How much of your money is spent on your behalf by someone who doesn’t understand you, doesn’t know your situation and your specific desires, and cares very little about your own specific circumstances. Most importantly, it might be wise to ask yourself whether you feel that you are getting good value for money out of the current system, or whether you think you could do a better job of spending your money yourself.
You may feel that the current situation is acceptable, that the government has oversight of the best causes. Perhaps. But wouldn’t you like to have some say in the specifics of where your money was spent? Do you give to charity, or do you feel that you pay enough in taxes to warrant not giving to charity, given the fact that the government gives taxpayer money to charity?
That’s right, you may be surprised, even relieved, to learn that many charities gain the largest portion of their funding directly from government, while donations from the public are a distant second place. Oxfam, Kids Company, and other bastions of morality and virtue are on the take.
When you pay the government such a high proportion of your income in taxes, you effectively outsource these kinds of decisions to someone else to administer on your behalf. If this is what you want then fine, but wouldn’t you like to have a say rather than hand over your compassionate responsibility to the government?
I digress. The point I want to make is that this government focussed power is waning. The reason? Bitcoin and other cryptocurrencies.
The simple fact is that government needs to extract taxes from the public to fund its activities. Where there is a shortfall in tax collected, government may choose to borrow money (via issuing government bonds or gilts), otherwise it must reduce its size to suit its budget. As long as government can increase taxes to fund it activities, its power and influence will grow.
If you have ever worked in or with the public sector — and it’s hard to imagine, given its size, that you haven’t come across it in some way shape or form — you will have encountered the kind of mentality which sums up ineffective government spending: Projects are allocated funding for a specific reason which must be used within the budget year, or it is not available the following year.
Departments don’t spend where there is a need; they spend because there is a budget which needs to be spent. This demonstrates two primary dysfunctions of government spending:
- It can lead to the activity being carried out in an unplanned, unfocussed or haphazard manner, regardless of the specific current need
- 2) Government spends public money, where it is available, not based upon whether it is appropriate to do so.
Enter Bitcoin, a marvellous thing. It is exciting because it cuts out the banks which collect taxes on behalf of the government, and allows direct exchange of money between individuals.
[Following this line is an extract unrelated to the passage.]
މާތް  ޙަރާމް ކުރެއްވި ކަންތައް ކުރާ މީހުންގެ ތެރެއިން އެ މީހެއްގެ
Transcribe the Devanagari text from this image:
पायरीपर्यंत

What Bitcoin and other cryptocurrencies have to their benefit is that they are decentralised, as step towards the denationalisation of money that F.A. Hayek wrote about in his paper of 1976 titled “Denationalisation of Money”.
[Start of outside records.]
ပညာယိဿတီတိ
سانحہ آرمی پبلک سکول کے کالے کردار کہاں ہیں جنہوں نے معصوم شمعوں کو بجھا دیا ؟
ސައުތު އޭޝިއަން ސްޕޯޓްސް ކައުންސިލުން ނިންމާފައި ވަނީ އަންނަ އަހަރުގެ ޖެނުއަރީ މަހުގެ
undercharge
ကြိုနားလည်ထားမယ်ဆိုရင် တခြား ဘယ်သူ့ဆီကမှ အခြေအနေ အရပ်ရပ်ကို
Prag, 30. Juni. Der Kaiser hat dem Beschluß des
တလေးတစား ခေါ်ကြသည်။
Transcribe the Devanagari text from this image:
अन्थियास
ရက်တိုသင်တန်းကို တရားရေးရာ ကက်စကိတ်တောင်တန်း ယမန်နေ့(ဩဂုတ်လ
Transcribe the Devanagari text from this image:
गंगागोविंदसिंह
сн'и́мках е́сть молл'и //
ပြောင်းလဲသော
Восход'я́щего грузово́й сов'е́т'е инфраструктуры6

Hayek, a free-market proponent, argues that government monopoly of money is economically injurious, and that the people should be free to choose their means of exchange. He saw a free market of money, where competing issuers of money, rather than being a bad thing, would be the only way to encourage prudential currency. If issuers started to overprint their money, the value would fall and the free market would seek other means of exchange which held their value better.
Under the current government monopoly of the money supply by central banks, the situation is geared up — as one might reasonably expect it to be — in the benefit of the government. Inflation — a unrepresented tax on the public, and means to push earners into higher and higher tax brackets — is publically stated as their aim. The government is aiming for your money and your income to devalue by 2% a year. Does that sound like a good way of holding your wealth?
Governments must seek novel ways of collecting taxes; those that do not rely on income, or sales, and those which are not geographically constrained (i.e. on individuals).